▶ _Stored data_:
------------------------------------

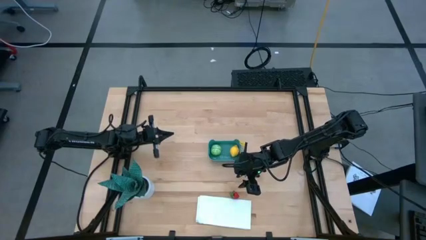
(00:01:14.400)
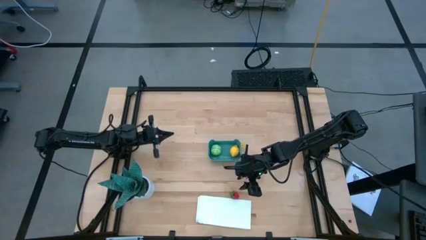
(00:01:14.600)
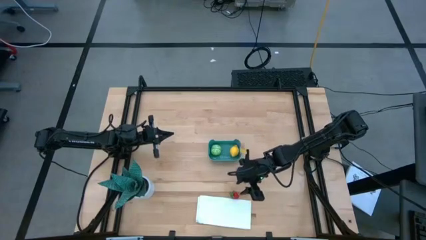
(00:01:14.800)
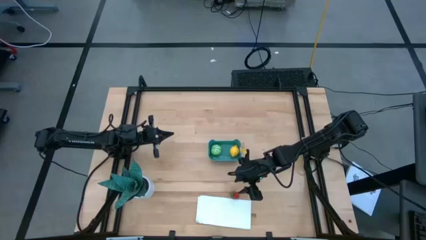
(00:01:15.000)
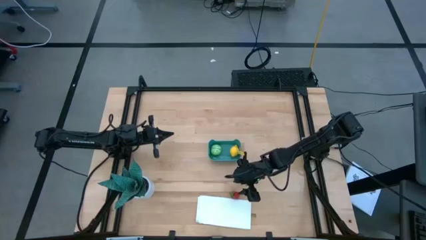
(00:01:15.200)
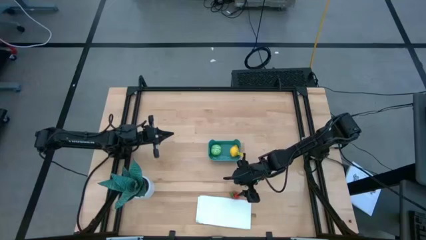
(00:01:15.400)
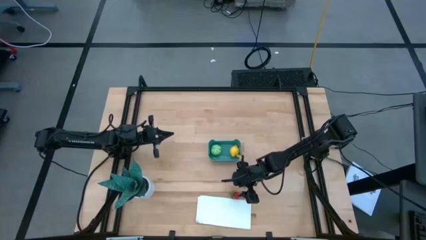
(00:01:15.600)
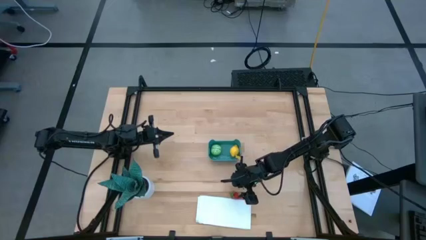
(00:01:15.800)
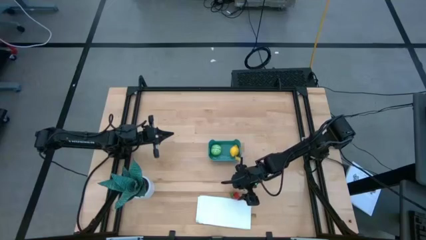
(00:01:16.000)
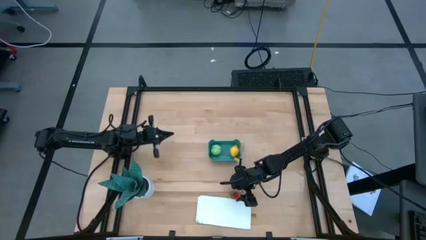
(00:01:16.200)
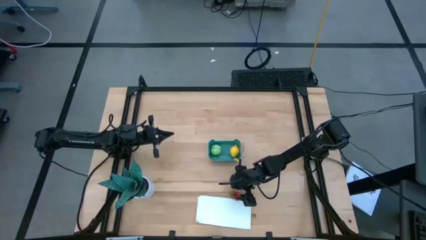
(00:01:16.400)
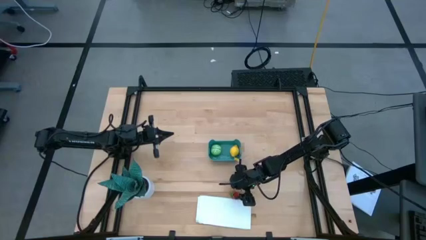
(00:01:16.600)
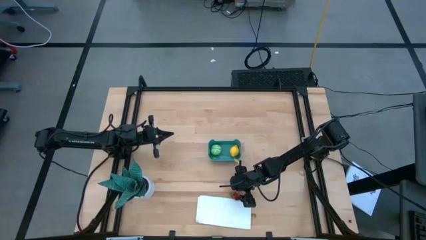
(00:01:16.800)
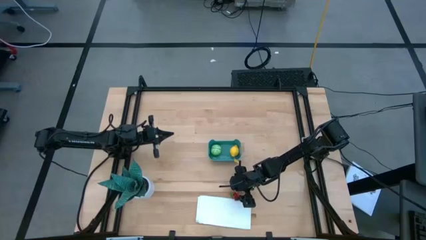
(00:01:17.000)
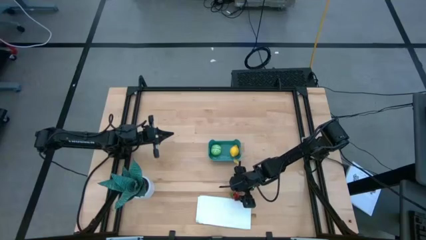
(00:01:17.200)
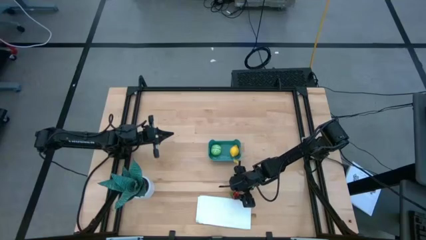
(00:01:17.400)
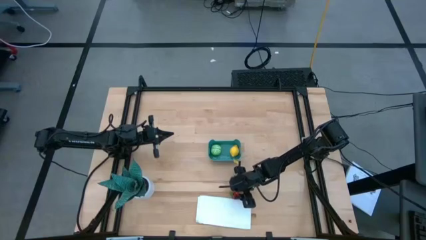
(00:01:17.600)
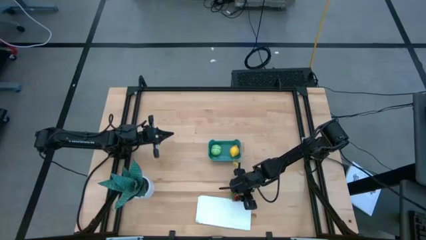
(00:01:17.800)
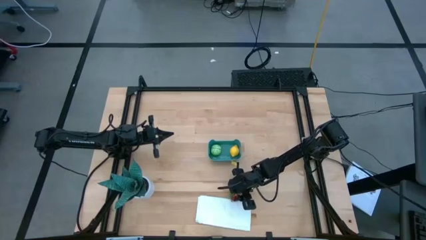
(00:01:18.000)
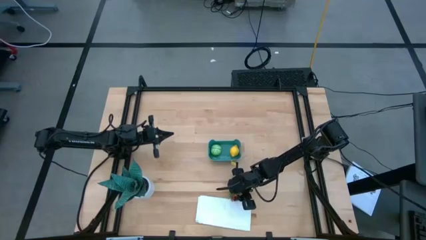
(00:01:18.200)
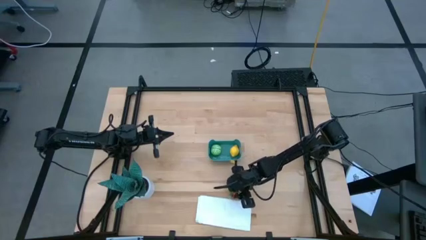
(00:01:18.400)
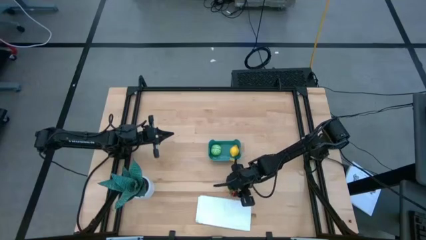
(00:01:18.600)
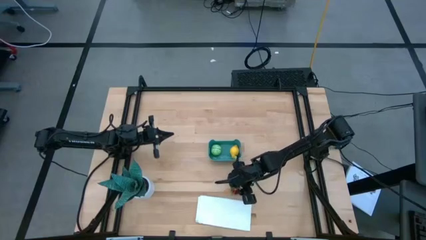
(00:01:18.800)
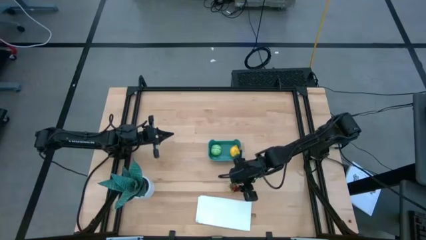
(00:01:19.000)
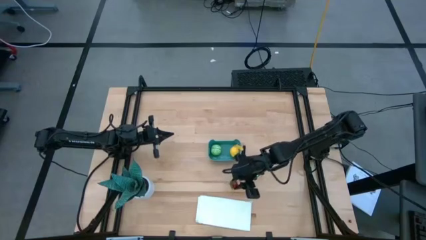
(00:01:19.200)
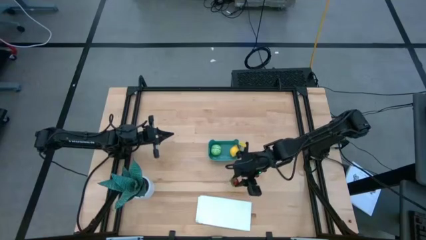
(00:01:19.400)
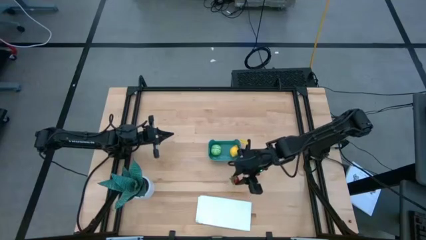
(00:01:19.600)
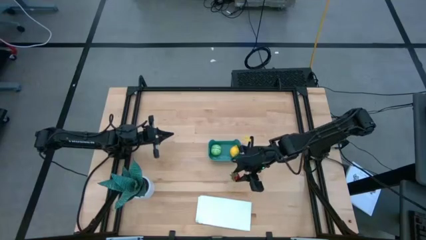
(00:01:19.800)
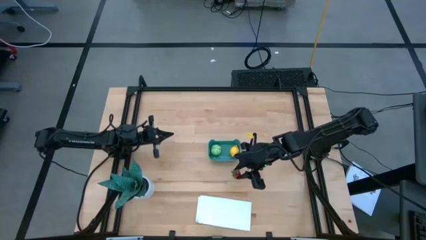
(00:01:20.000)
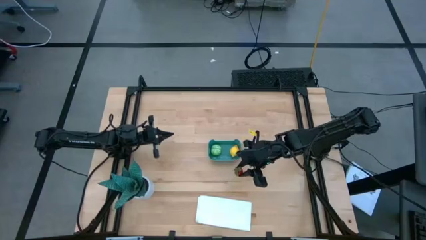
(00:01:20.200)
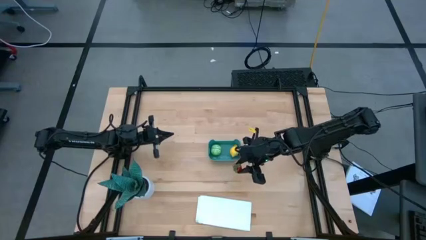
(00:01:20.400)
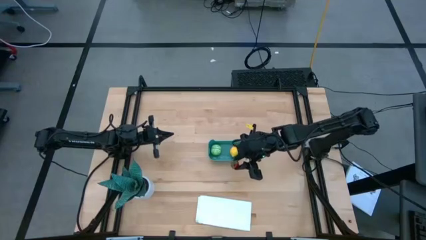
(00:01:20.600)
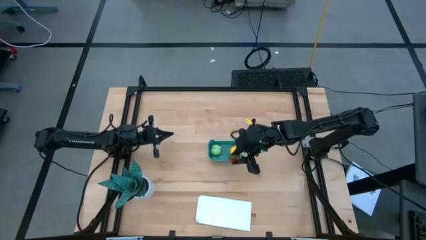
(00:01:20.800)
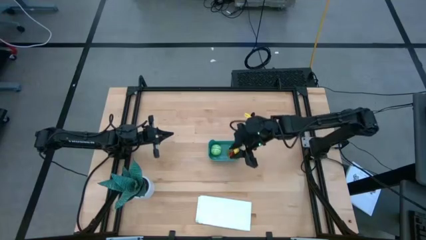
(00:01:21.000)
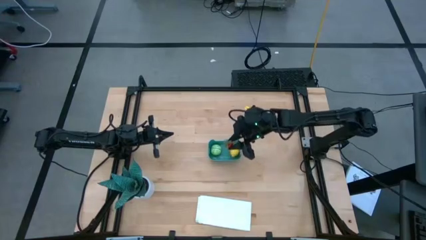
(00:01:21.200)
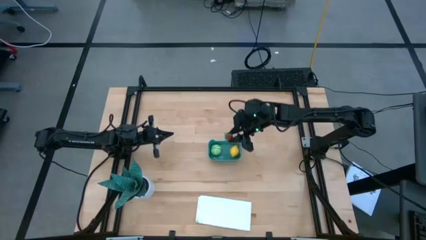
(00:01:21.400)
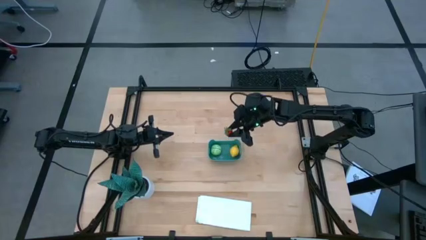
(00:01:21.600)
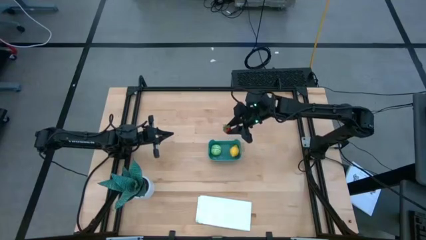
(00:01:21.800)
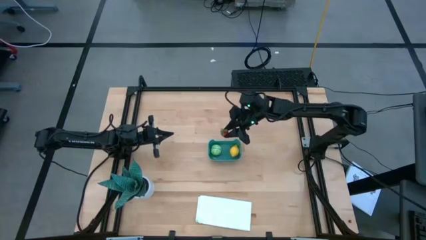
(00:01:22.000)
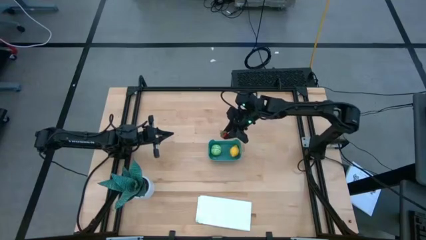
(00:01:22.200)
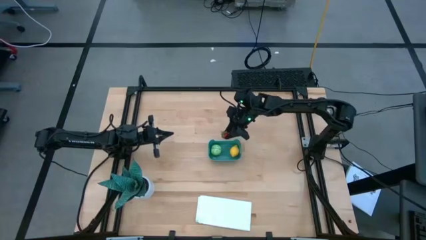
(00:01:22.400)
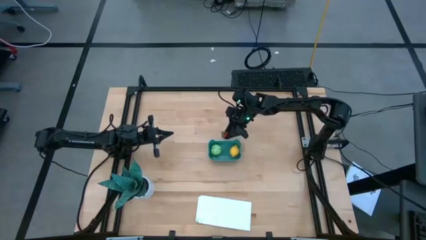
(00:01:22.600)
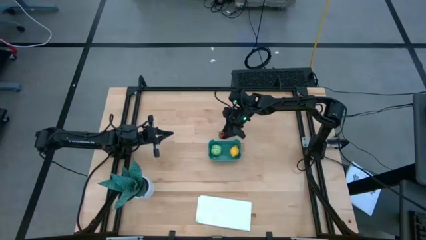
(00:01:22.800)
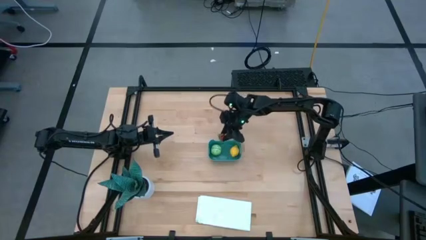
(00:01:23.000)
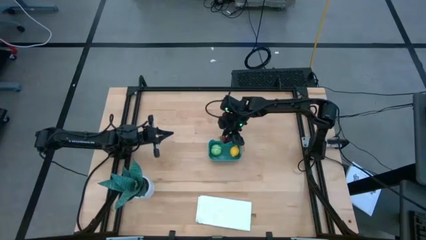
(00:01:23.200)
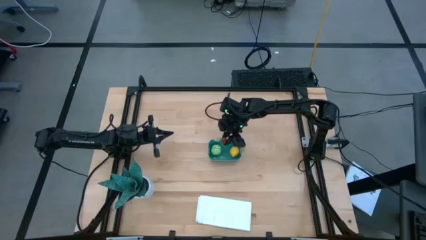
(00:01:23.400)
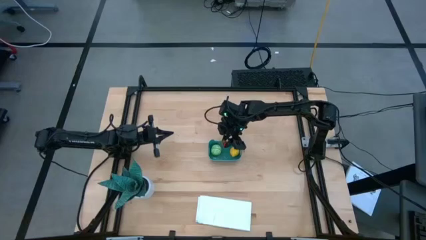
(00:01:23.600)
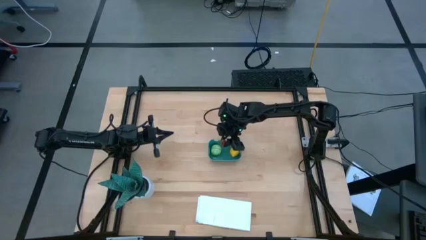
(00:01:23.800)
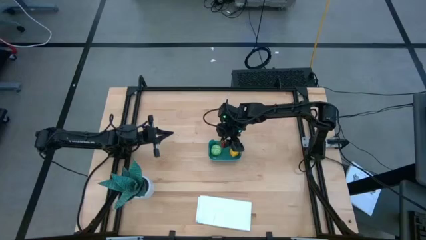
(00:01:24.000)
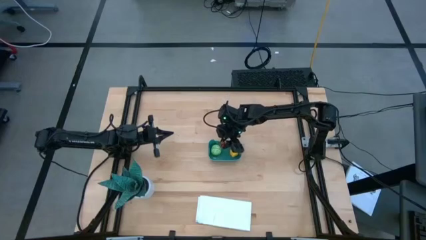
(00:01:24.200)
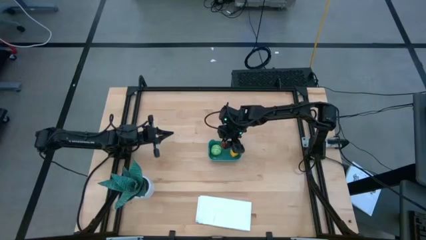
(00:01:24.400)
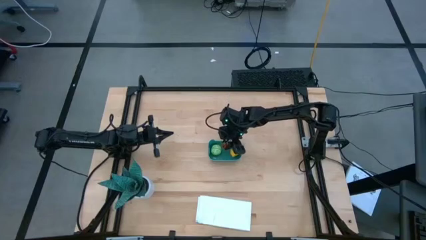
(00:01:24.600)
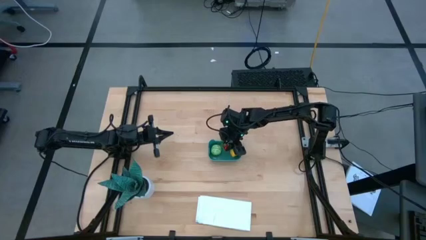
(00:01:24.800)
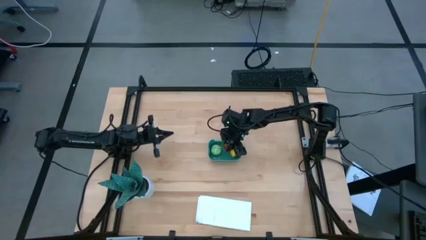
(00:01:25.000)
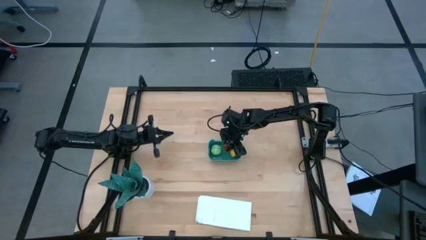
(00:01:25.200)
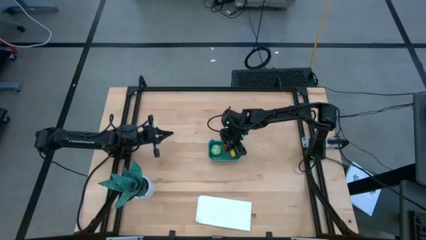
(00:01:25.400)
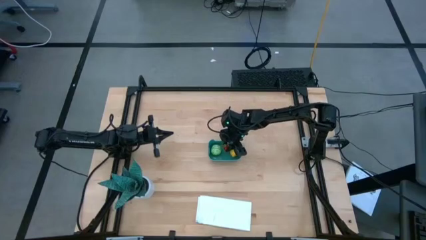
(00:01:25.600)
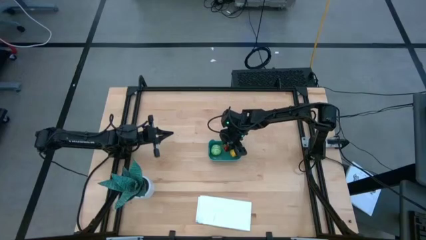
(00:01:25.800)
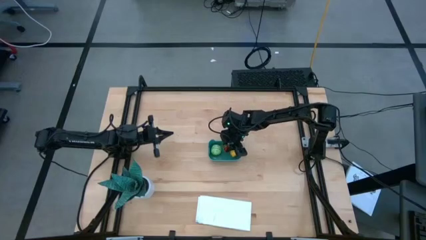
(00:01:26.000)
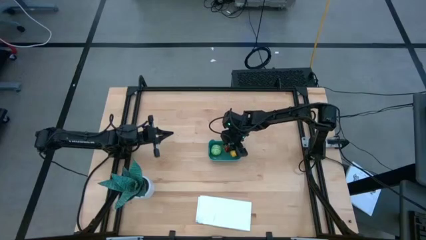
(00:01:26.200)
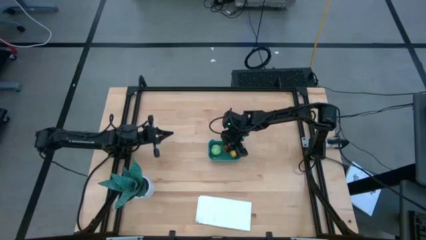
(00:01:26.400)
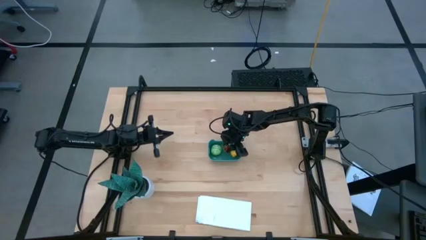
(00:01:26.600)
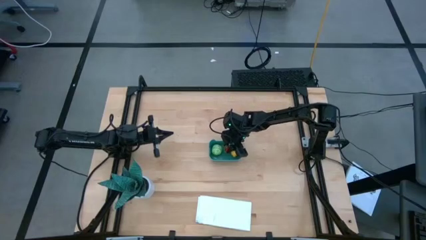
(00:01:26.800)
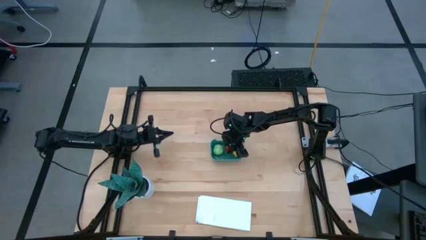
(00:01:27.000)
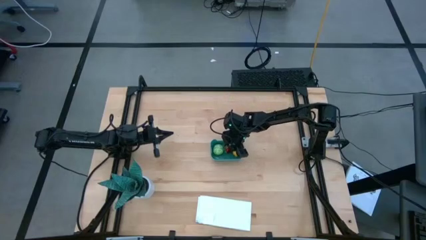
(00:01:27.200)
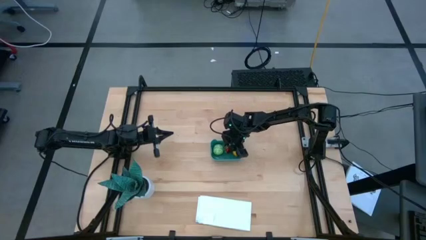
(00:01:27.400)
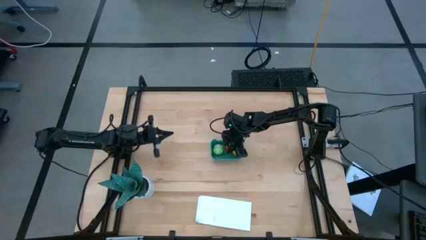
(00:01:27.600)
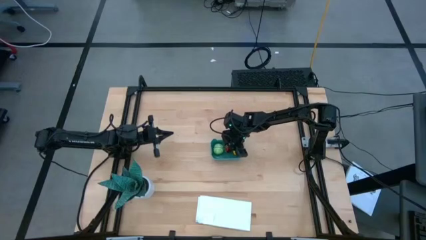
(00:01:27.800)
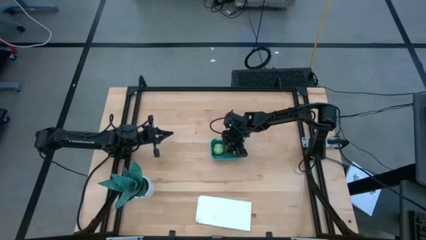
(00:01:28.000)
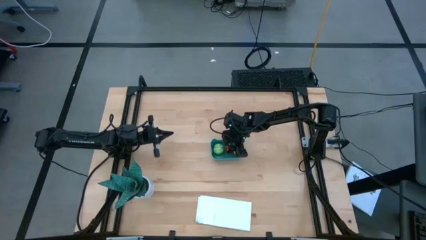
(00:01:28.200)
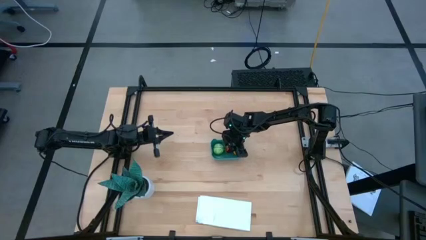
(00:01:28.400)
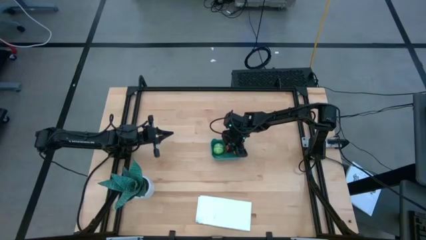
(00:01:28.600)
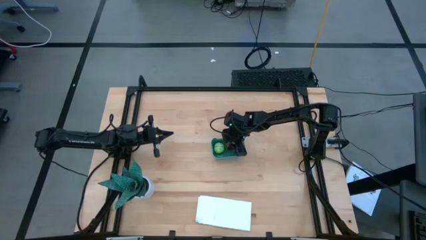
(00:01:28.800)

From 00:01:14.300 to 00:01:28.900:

------------------------------------

▶ _TO DO_: The response must match the data line for line, from its first line through the line with "(00:01:28.600)", inclusive, and must leave out the pictures.

▶ _TASK RESULT_:
(00:01:14.400)
(00:01:14.600)
(00:01:14.800)
(00:01:15.000)
(00:01:15.200)
(00:01:15.400)
(00:01:15.600)
(00:01:15.800)
(00:01:16.000)
(00:01:16.200)
(00:01:16.400)
(00:01:16.600)
(00:01:16.800)
(00:01:17.000)
(00:01:17.200)
(00:01:17.400)
(00:01:17.600)
(00:01:17.800)
(00:01:18.000)
(00:01:18.200)
(00:01:18.400)
(00:01:18.600)
(00:01:18.800)
(00:01:19.000)
(00:01:19.200)
(00:01:19.400)
(00:01:19.600)
(00:01:19.800)
(00:01:20.000)
(00:01:20.200)
(00:01:20.400)
(00:01:20.600)
(00:01:20.800)
(00:01:21.000)
(00:01:21.200)
(00:01:21.400)
(00:01:21.600)
(00:01:21.800)
(00:01:22.000)
(00:01:22.200)
(00:01:22.400)
(00:01:22.600)
(00:01:22.800)
(00:01:23.000)
(00:01:23.200)
(00:01:23.400)
(00:01:23.600)
(00:01:23.800)
(00:01:24.000)
(00:01:24.200)
(00:01:24.400)
(00:01:24.600)
(00:01:24.800)
(00:01:25.000)
(00:01:25.200)
(00:01:25.400)
(00:01:25.600)
(00:01:25.800)
(00:01:26.000)
(00:01:26.200)
(00:01:26.400)
(00:01:26.600)
(00:01:26.800)
(00:01:27.000)
(00:01:27.200)
(00:01:27.400)
(00:01:27.600)
(00:01:27.800)
(00:01:28.000)
(00:01:28.200)
(00:01:28.400)
(00:01:28.600)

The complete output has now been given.